[[ Stored data, beginning ]]

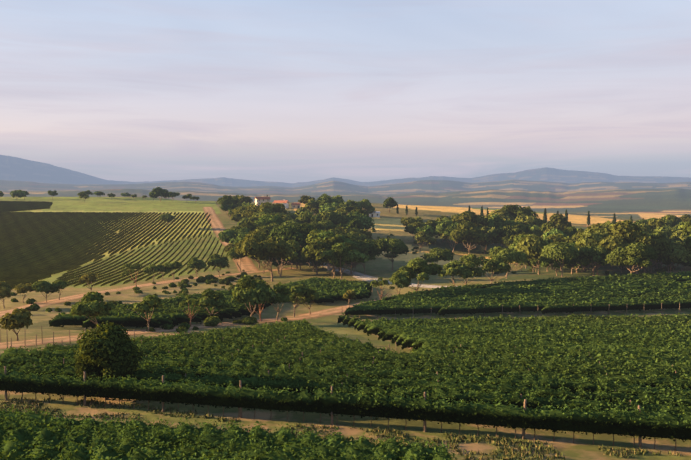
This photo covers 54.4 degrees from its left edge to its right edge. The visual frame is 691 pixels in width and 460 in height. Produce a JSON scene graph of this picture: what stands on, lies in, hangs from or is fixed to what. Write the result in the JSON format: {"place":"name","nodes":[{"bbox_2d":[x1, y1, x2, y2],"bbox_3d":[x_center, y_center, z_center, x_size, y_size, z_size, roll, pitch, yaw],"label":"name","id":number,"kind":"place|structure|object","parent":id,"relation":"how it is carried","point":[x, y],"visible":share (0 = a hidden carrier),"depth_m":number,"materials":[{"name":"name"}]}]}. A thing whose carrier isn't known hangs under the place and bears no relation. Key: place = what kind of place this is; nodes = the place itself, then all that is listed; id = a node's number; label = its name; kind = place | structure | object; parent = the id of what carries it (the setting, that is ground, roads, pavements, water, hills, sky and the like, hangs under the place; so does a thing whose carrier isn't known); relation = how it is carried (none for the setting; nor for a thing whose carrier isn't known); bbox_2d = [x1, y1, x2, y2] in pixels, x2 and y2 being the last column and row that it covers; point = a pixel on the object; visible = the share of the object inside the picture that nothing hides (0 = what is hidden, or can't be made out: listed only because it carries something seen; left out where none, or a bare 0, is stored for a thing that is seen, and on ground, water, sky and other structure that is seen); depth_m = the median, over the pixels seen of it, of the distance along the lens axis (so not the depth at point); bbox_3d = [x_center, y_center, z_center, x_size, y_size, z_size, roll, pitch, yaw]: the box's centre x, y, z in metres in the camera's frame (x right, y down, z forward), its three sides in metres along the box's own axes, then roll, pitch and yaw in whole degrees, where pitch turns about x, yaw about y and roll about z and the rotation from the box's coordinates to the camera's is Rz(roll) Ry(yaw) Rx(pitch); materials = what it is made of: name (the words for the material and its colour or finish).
{"place":"outdoors","nodes":[
{"label":"outdoors","id":0,"kind":"place"},
{"bbox_2d":[0,155,690,459],"bbox_3d":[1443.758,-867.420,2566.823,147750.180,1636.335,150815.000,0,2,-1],"label":"terrain","id":1,"kind":"structure","parent":0,"point":[600,197],"depth_m":334.10,"materials":[{"name":"soil"}]},
{"bbox_2d":[0,201,227,288],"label":"hill vine rows","id":2,"kind":"object","parent":1,"relation":"on","point":[35,246],"visible":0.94,"depth_m":356.66,"materials":[{"name":"green plant"}]},
{"bbox_2d":[0,207,384,348],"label":"dirt tracks","id":3,"kind":"object","parent":1,"relation":"on","point":[218,227],"visible":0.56,"depth_m":144.15},
{"bbox_2d":[255,197,380,216],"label":"farmhouses","id":4,"kind":"object","parent":1,"relation":"on","point":[259,200],"visible":0.62,"depth_m":558.72,"materials":[{"name":"paint"}]},
{"bbox_2d":[0,290,679,447],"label":"vineyard posts","id":5,"kind":"object","parent":1,"relation":"on","point":[425,426],"visible":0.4,"depth_m":47.95,"materials":[{"name":"brown wood"}]},
{"bbox_2d":[0,397,682,459],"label":"grass tufts","id":6,"kind":"object","parent":1,"relation":"on","point":[524,447],"visible":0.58,"depth_m":39.86,"materials":[{"name":"green plant"}]},
{"bbox_2d":[8,391,675,450],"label":"vine stems","id":7,"kind":"object","parent":1,"relation":"on","point":[354,419],"visible":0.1,"depth_m":42.20,"materials":[{"name":"brown wood"}]},
{"bbox_2d":[10,228,675,331],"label":"shrub foliage","id":8,"kind":"object","parent":1,"relation":"on","point":[212,321],"visible":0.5,"depth_m":184.53,"materials":[{"name":"green plant"}]},
{"bbox_2d":[1,195,684,399],"bbox_3d":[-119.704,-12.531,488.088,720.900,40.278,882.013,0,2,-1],"label":"tree trunks","id":9,"kind":"object","parent":1,"relation":"on","point":[281,267],"visible":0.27,"depth_m":224.80,"materials":[{"name":"brown plant"}]},
{"bbox_2d":[0,273,690,459],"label":"vine rows","id":10,"kind":"object","parent":1,"relation":"on","point":[625,419],"visible":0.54,"depth_m":50.42,"materials":[{"name":"green plant"}]},
{"bbox_2d":[0,270,690,459],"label":"vine leaves","id":11,"kind":"object","parent":1,"relation":"on","point":[202,451],"visible":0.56,"depth_m":51.34,"materials":[{"name":"green plant"}]},
{"bbox_2d":[0,213,690,380],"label":"tree foliage","id":12,"kind":"object","parent":1,"relation":"on","point":[107,349],"visible":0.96,"depth_m":209.60,"materials":[{"name":"green plant"}]},
{"bbox_2d":[0,187,690,245],"bbox_3d":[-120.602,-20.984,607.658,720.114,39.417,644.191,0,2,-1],"label":"trees","id":13,"kind":"object","parent":1,"relation":"on","point":[339,211],"visible":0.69,"depth_m":365.65,"materials":[{"name":"green plant"}]},
{"bbox_2d":[0,0,690,182],"label":"sky","id":14,"kind":"structure","parent":0,"point":[287,91],"materials":[{"name":"blue"}]},
{"bbox_2d":[309,262,456,287],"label":"river","id":15,"kind":"structure","parent":0,"point":[359,275],"depth_m":225.76,"materials":[{"name":"white liquid"}]}
]}

[[ Stored data, end ]]

#### Problem requirements
None of the pictures should be copied, but every record above must be returned exactly.

#### Written answer
This photo covers 54.4 degrees from its left edge to its right edge. The visual frame is 691 pixels in width and 460 in height. Produce a JSON scene graph of this picture: what stands on, lies in, hangs from or is fixed to what. Write the result in the JSON format: {"place":"name","nodes":[{"bbox_2d":[x1, y1, x2, y2],"bbox_3d":[x_center, y_center, z_center, x_size, y_size, z_size, roll, pitch, yaw],"label":"name","id":number,"kind":"place|structure|object","parent":id,"relation":"how it is carried","point":[x, y],"visible":share (0 = a hidden carrier),"depth_m":number,"materials":[{"name":"name"}]}]}. A thing whose carrier isn't known hangs under the place and bears no relation. Key: place = what kind of place this is; nodes = the place itself, then all that is listed; id = a node's number; label = its name; kind = place | structure | object; parent = the id of what carries it (the setting, that is ground, roads, pavements, water, hills, sky and the like, hangs under the place; so does a thing whose carrier isn't known); relation = how it is carried (none for the setting; nor for a thing whose carrier isn't known); bbox_2d = [x1, y1, x2, y2] in pixels, x2 and y2 being the last column and row that it covers; point = a pixel on the object; visible = the share of the object inside the picture that nothing hides (0 = what is hidden, or can't be made out: listed only because it carries something seen; left out where none, or a bare 0, is stored for a thing that is seen, and on ground, water, sky and other structure that is seen); depth_m = the median, over the pixels seen of it, of the distance along the lens axis (so not the depth at point); bbox_3d = [x_center, y_center, z_center, x_size, y_size, z_size, roll, pitch, yaw]: the box's centre x, y, z in metres in the camera's frame (x right, y down, z forward), its three sides in metres along the box's own axes, then roll, pitch and yaw in whole degrees, where pitch turns about x, yaw about y and roll about z and the rotation from the box's coordinates to the camera's is Rz(roll) Ry(yaw) Rx(pitch); materials = what it is made of: name (the words for the material and its colour or finish).
{"place":"outdoors","nodes":[
{"label":"outdoors","id":0,"kind":"place"},
{"bbox_2d":[0,155,690,459],"bbox_3d":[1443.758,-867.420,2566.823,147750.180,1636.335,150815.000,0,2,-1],"label":"terrain","id":1,"kind":"structure","parent":0,"point":[600,197],"depth_m":334.10,"materials":[{"name":"soil"}]},
{"bbox_2d":[0,201,227,288],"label":"hill vine rows","id":2,"kind":"object","parent":1,"relation":"on","point":[35,246],"visible":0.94,"depth_m":356.66,"materials":[{"name":"green plant"}]},
{"bbox_2d":[0,207,384,348],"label":"dirt tracks","id":3,"kind":"object","parent":1,"relation":"on","point":[218,227],"visible":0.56,"depth_m":144.15},
{"bbox_2d":[255,197,380,216],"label":"farmhouses","id":4,"kind":"object","parent":1,"relation":"on","point":[259,200],"visible":0.62,"depth_m":558.72,"materials":[{"name":"paint"}]},
{"bbox_2d":[0,290,679,447],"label":"vineyard posts","id":5,"kind":"object","parent":1,"relation":"on","point":[425,426],"visible":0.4,"depth_m":47.95,"materials":[{"name":"brown wood"}]},
{"bbox_2d":[0,397,682,459],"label":"grass tufts","id":6,"kind":"object","parent":1,"relation":"on","point":[524,447],"visible":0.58,"depth_m":39.86,"materials":[{"name":"green plant"}]},
{"bbox_2d":[8,391,675,450],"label":"vine stems","id":7,"kind":"object","parent":1,"relation":"on","point":[354,419],"visible":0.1,"depth_m":42.20,"materials":[{"name":"brown wood"}]},
{"bbox_2d":[10,228,675,331],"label":"shrub foliage","id":8,"kind":"object","parent":1,"relation":"on","point":[212,321],"visible":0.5,"depth_m":184.53,"materials":[{"name":"green plant"}]},
{"bbox_2d":[1,195,684,399],"bbox_3d":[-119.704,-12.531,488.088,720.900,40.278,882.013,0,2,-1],"label":"tree trunks","id":9,"kind":"object","parent":1,"relation":"on","point":[281,267],"visible":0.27,"depth_m":224.80,"materials":[{"name":"brown plant"}]},
{"bbox_2d":[0,273,690,459],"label":"vine rows","id":10,"kind":"object","parent":1,"relation":"on","point":[625,419],"visible":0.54,"depth_m":50.42,"materials":[{"name":"green plant"}]},
{"bbox_2d":[0,270,690,459],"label":"vine leaves","id":11,"kind":"object","parent":1,"relation":"on","point":[202,451],"visible":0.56,"depth_m":51.34,"materials":[{"name":"green plant"}]},
{"bbox_2d":[0,213,690,380],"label":"tree foliage","id":12,"kind":"object","parent":1,"relation":"on","point":[107,349],"visible":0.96,"depth_m":209.60,"materials":[{"name":"green plant"}]},
{"bbox_2d":[0,187,690,245],"bbox_3d":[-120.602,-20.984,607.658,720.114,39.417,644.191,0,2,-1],"label":"trees","id":13,"kind":"object","parent":1,"relation":"on","point":[339,211],"visible":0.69,"depth_m":365.65,"materials":[{"name":"green plant"}]},
{"bbox_2d":[0,0,690,182],"label":"sky","id":14,"kind":"structure","parent":0,"point":[287,91],"materials":[{"name":"blue"}]},
{"bbox_2d":[309,262,456,287],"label":"river","id":15,"kind":"structure","parent":0,"point":[359,275],"depth_m":225.76,"materials":[{"name":"white liquid"}]}
]}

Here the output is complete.